Todorov también nos advierte de este peligro potencial que conlleva la globalización: “Una humanidad que ha descubierto la comunicación universal va a ser más homogénea que una humanidad que nos sabía de ella; esto quiere decir que se suprimirán todas las diferencias. Suponerlo así implica que las sociedades sean simplemente el fruto de la ignorancia mutua […]

(Todorov 1991: 95)

La antropología socio-cultural es particularmente sensible a las diferencias culturales, aunque tiene que plantearse  también como defender y desarrollar la igualdad ética entre este nuevo pluralismo. El problema que se plantea, por tanto, es cómo conciliar la divesidad cultural con un marco mínimo común ético, que promueva y respete los derechos humanos. El objetivo, por tanto, de la antropologia no es ofrecer relatos autocomplacientes y ombliguistas, sino ayudar a “vernos, tanto a nosotros mismos, como a cuaquier otro, arrojados en medio de un mundo lleno de indelebles extrañezas de las que no podemos librarnos” ( Geertz 1996: 56)

Para Clifford Geertz esta postura nos conduce inexorablemente a un relativismo cultural radical difícilmente superable, por lo que se situaría en una posición moderada entre el particularismo y el universalismo.

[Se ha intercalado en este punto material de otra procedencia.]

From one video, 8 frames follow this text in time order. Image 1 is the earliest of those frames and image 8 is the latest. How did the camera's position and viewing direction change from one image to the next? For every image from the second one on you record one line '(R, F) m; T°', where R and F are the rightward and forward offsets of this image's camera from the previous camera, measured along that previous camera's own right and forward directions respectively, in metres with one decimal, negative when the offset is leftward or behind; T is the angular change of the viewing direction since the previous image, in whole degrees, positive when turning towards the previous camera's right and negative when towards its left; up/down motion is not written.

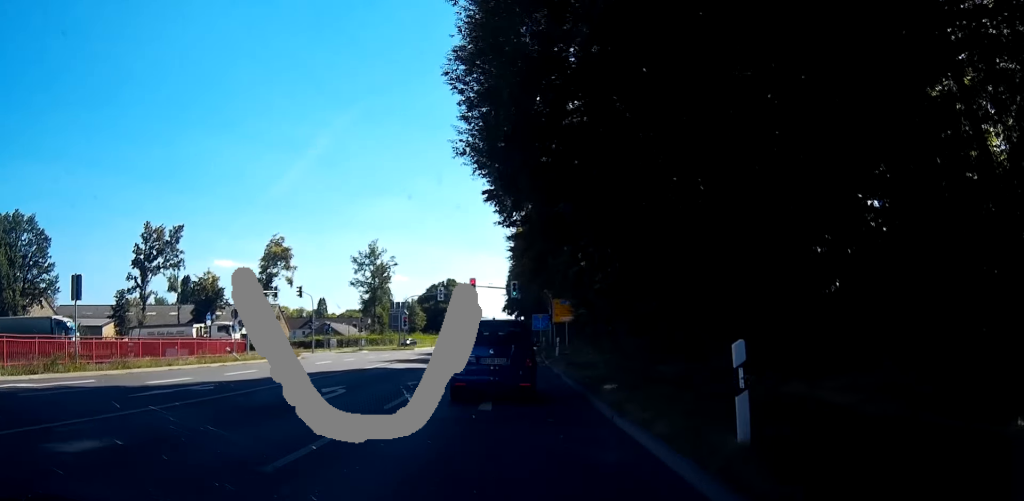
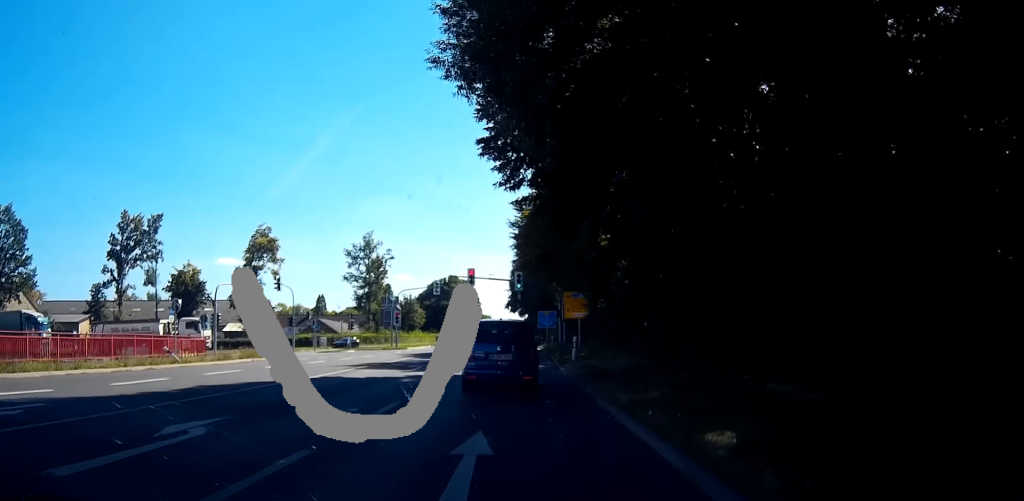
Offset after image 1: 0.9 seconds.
(0.0, +9.2) m; -1°
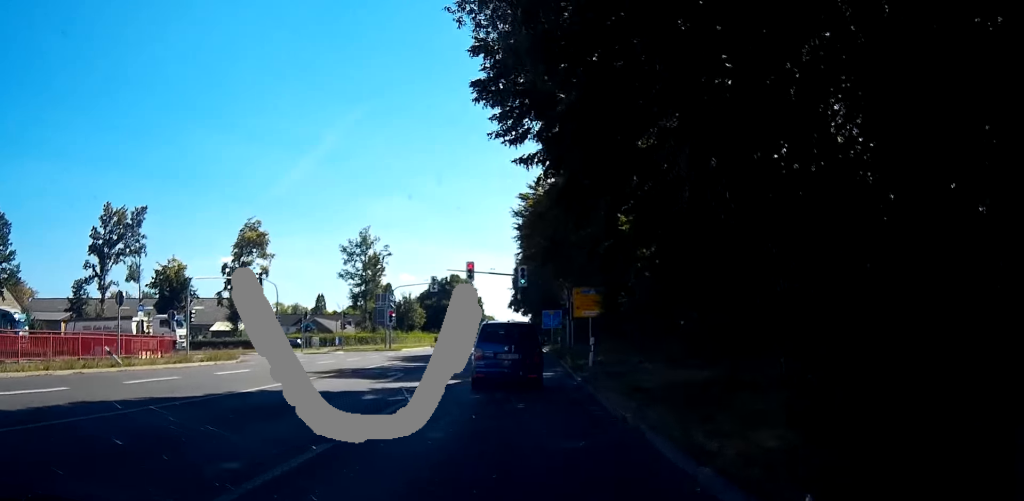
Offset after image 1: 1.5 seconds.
(-0.1, +6.1) m; +1°
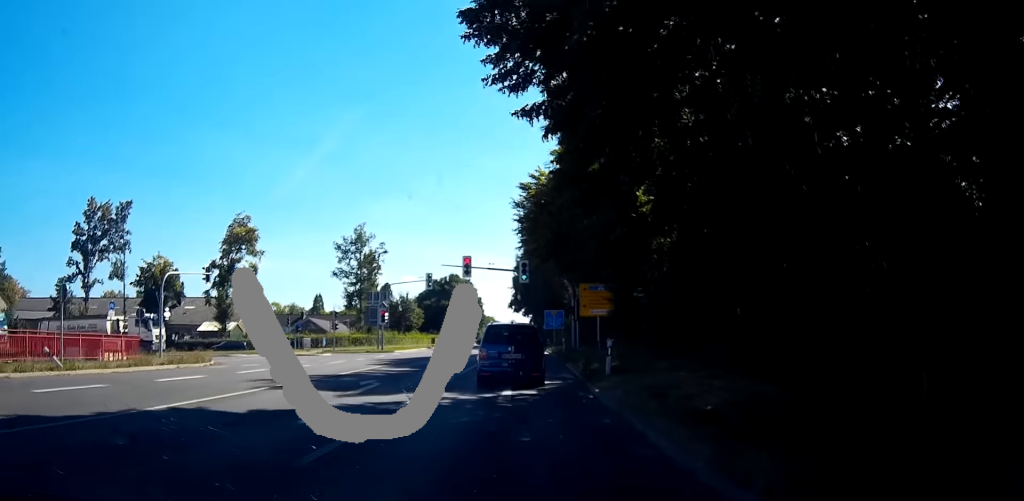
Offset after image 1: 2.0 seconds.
(0.0, +4.5) m; +1°
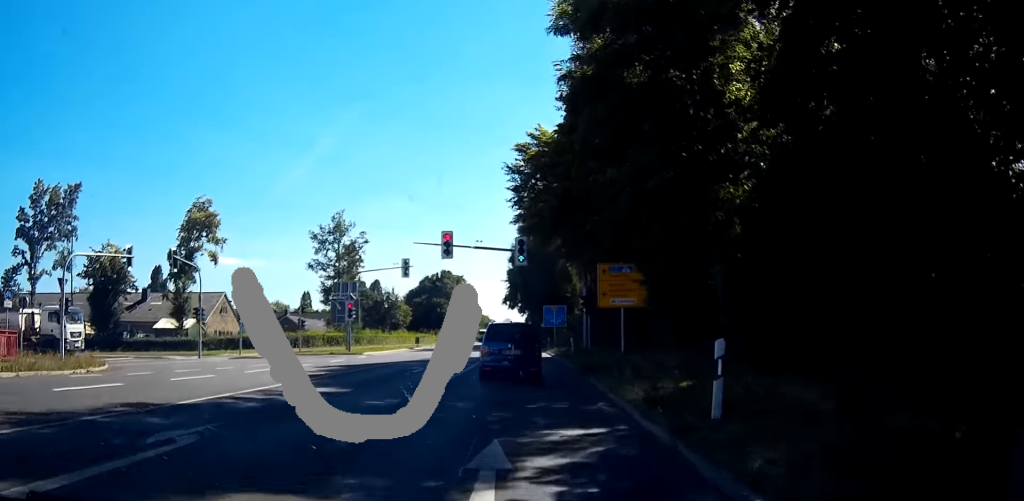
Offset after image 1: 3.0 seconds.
(+0.4, +11.4) m; +2°
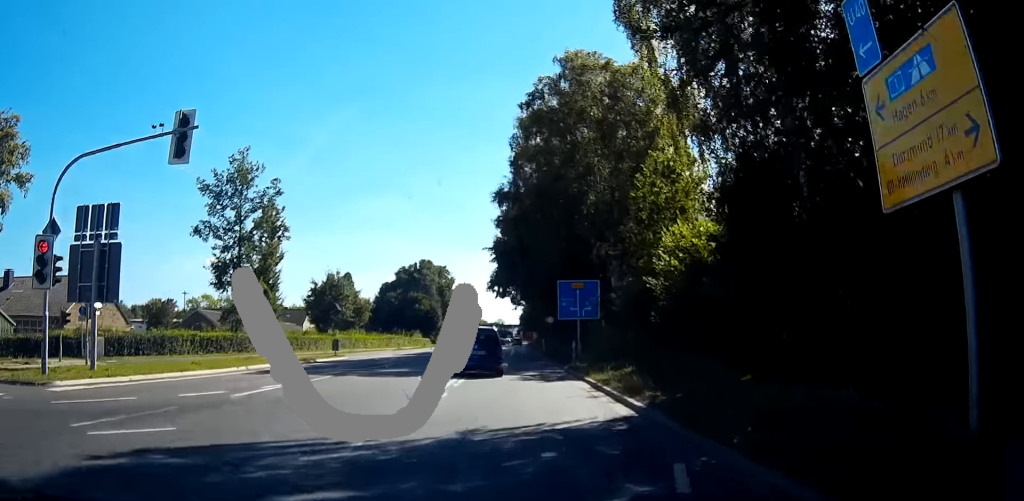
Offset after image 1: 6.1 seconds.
(-0.3, +38.2) m; +1°
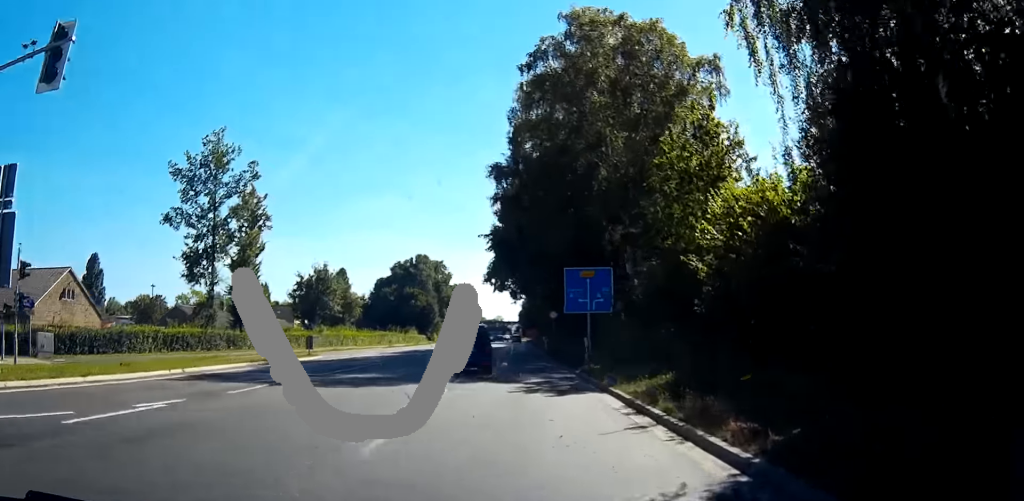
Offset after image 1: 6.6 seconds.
(+0.2, +6.5) m; +1°
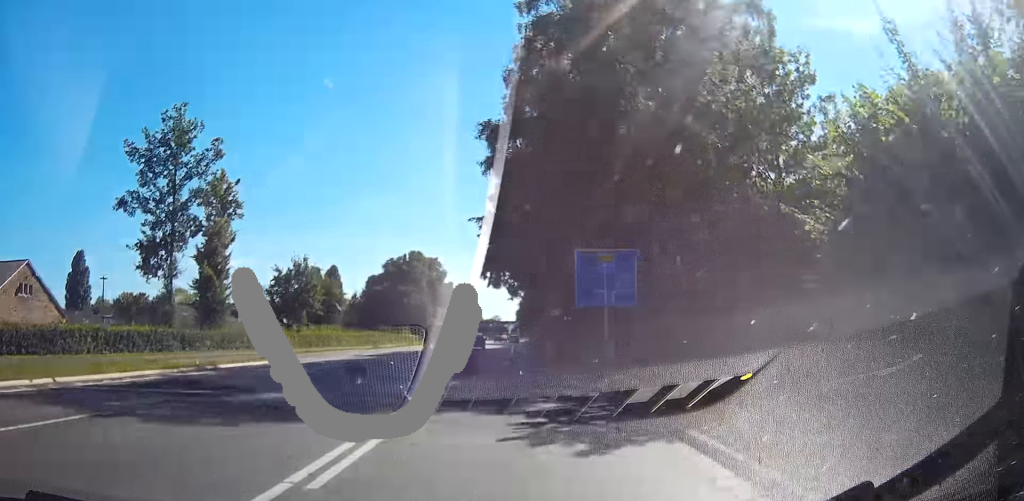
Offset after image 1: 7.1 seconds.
(0.0, +8.0) m; 0°

El relativismo cultural, según él, nos lleva a un narcisismo autocomplaciente y una cierta autocentricidad cultural que conducen a una entropía moral. ”No todo el mundo -sikhs, socialistas, positivistas, irlandeses - va a acabar concordando respecto a qué es decente y qué no es decente, qué es justo y qué no es justo, qué es razonable y qué no los es; ni pronto, ni tal vez nunca.” ( Geertz :1996: 89)

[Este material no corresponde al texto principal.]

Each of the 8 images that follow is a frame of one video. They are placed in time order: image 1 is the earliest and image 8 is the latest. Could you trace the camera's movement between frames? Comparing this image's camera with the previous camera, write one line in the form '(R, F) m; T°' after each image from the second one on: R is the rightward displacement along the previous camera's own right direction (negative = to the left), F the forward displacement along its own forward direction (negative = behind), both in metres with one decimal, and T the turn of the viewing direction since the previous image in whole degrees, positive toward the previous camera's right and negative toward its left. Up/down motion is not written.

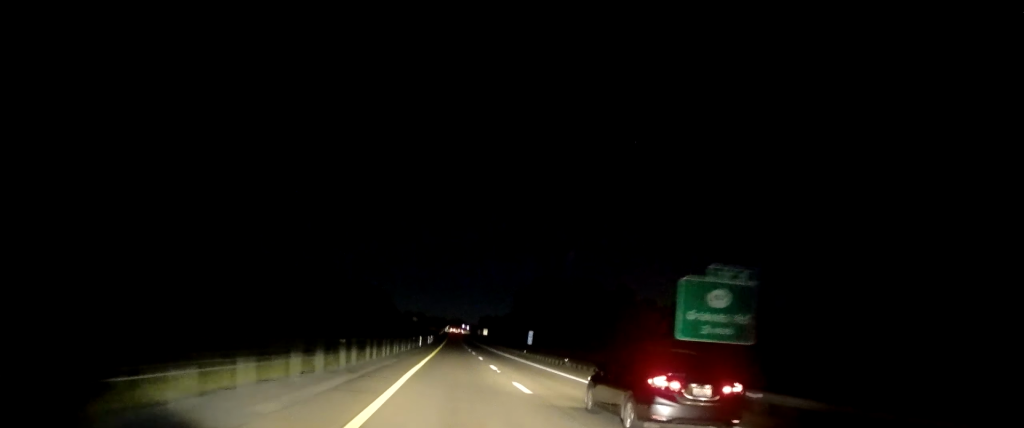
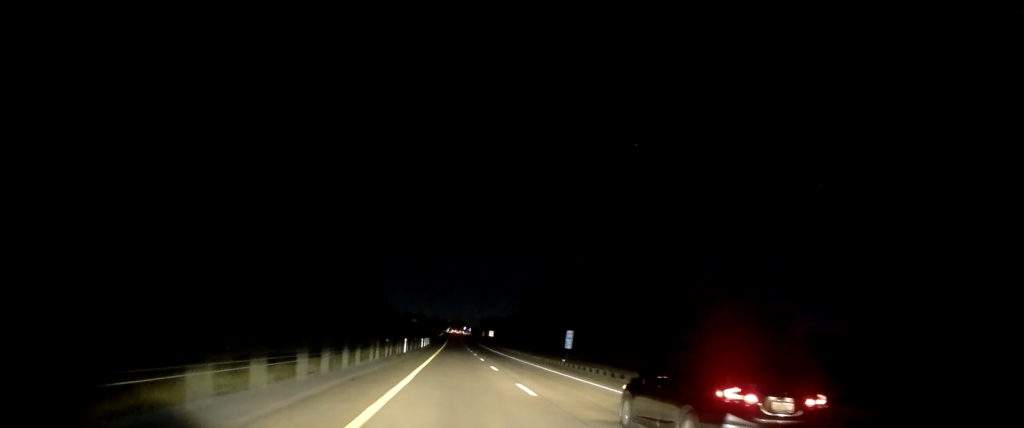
(-0.1, +24.8) m; 0°
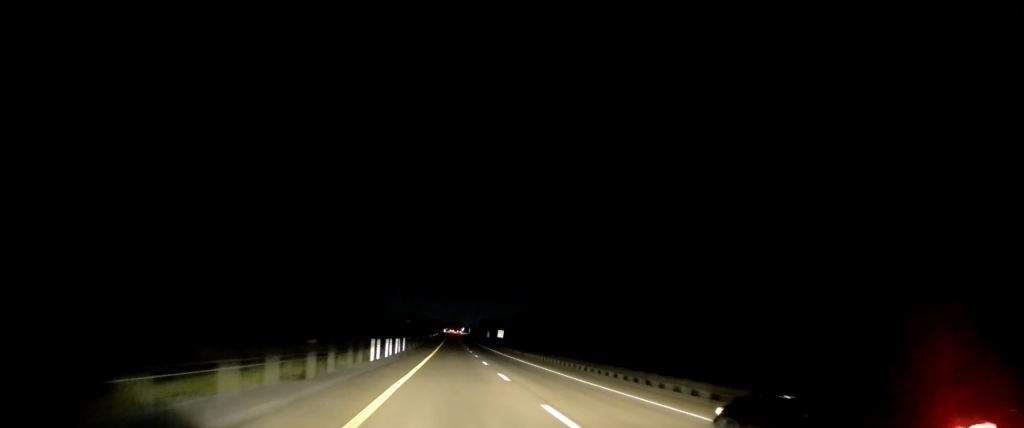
(-0.1, +43.1) m; 0°
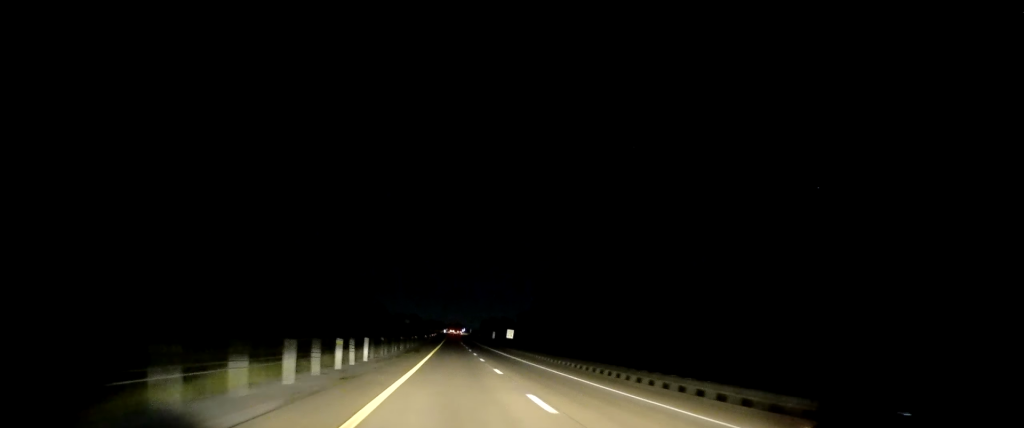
(0.0, +21.5) m; 0°
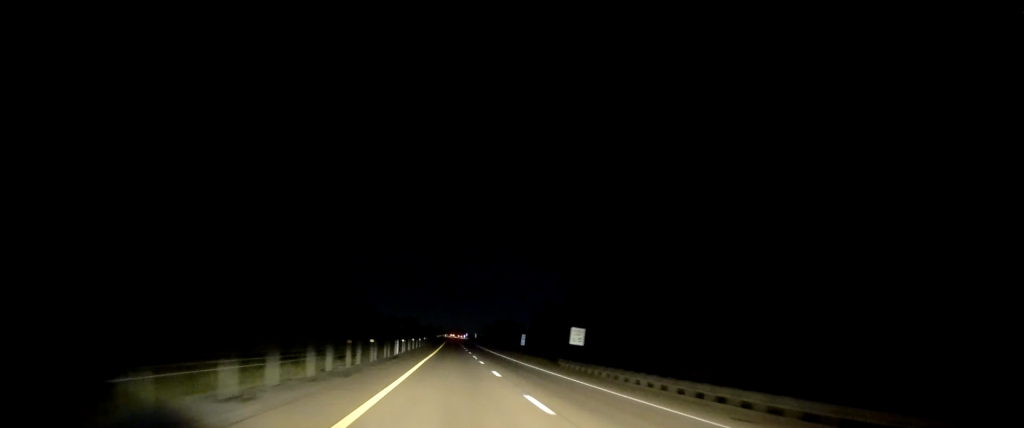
(-0.7, +61.0) m; 0°
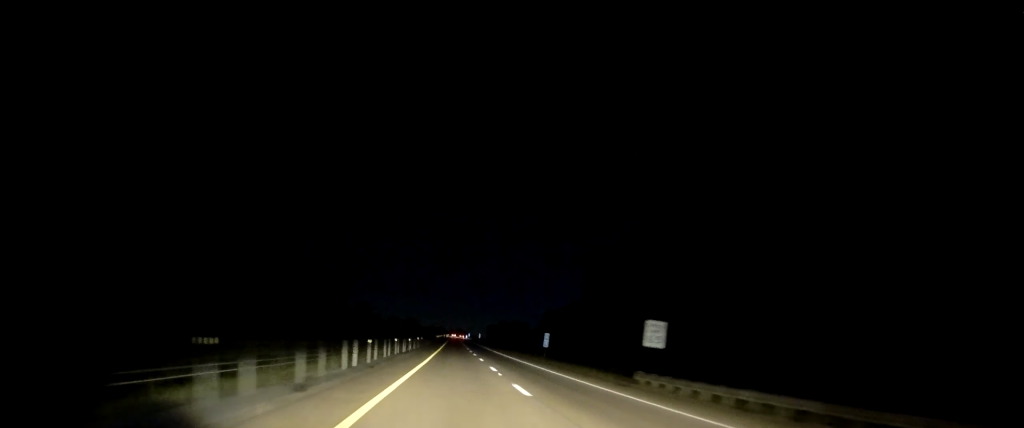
(+0.2, +20.3) m; 0°
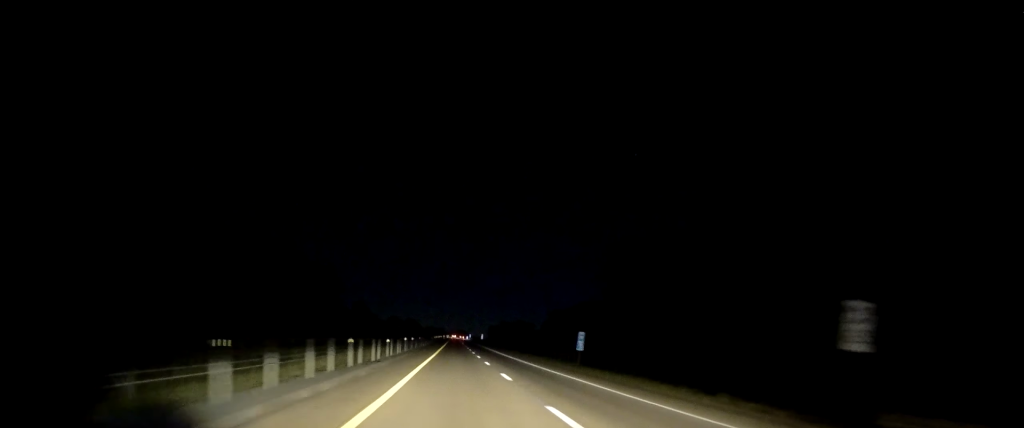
(+0.5, +18.1) m; 0°
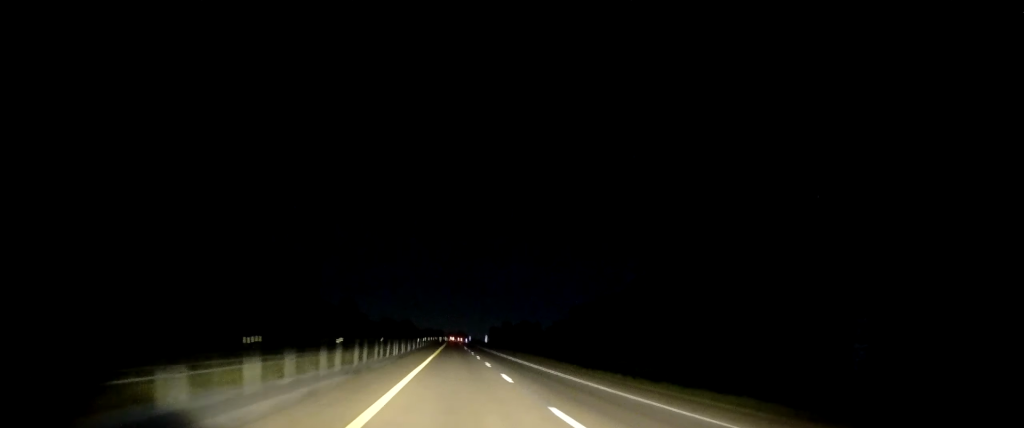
(-0.8, +36.6) m; -1°

Clifford Geertz defiende la idea de que el mundo se encamina hacia un acuerdo universal sobre asuntos fundamentales. Sin embargo, para Richard Rorty es preferible ser “francamente etnocéntrico” y asumir que no “podemos salir de nuestra piel” para acceder al mundo de la razón y la universalidad. Admitir que somos como somos en virtud de resultados de ciertas evoluciones

contingentes, pero que creemos que nuestras formas de vida son

preferibles a otras formas de vida alternativas. En lugar de “venderles” la idea que nosotros nos hallamos más cerca de la racionalidad y de la justicia (y ellos se hallan “retrasados” respecto de nosotros o les falta algo esencial que nosotros poseemos.

Clifford califica la posición de Rorty de “una rendición apresurada al bienestar de ser simplemente nosotros mismos, cultivando la sordera  y maximizando nuestra gratitud por no haber nacido vándalo, o ik.” (.Esta visión etnocentrista del relativismo cultural esconde la afirmación implícita de decir:

!Qué suerte he tenido de no ser un hitita! ) ( Geertz: 1996: 45)

Y ve en ambas posiciones de Rorty y Lévi Strauss como caras de una misma moneda. Ambas opiniones acerca de la diversidad cultural llegan a la misma conclusión.

Para Clifford Geertz el mundo social no se divide en perspicuos “nosotros” con los que podemos simpatizar a pesar de las diferencias que tengamos con ellos, y enigmáticos “ellos” con los que no podemos simpatizar, por mucho que defendamos hasta la muerte su derecho a diferenciarse de nosotros.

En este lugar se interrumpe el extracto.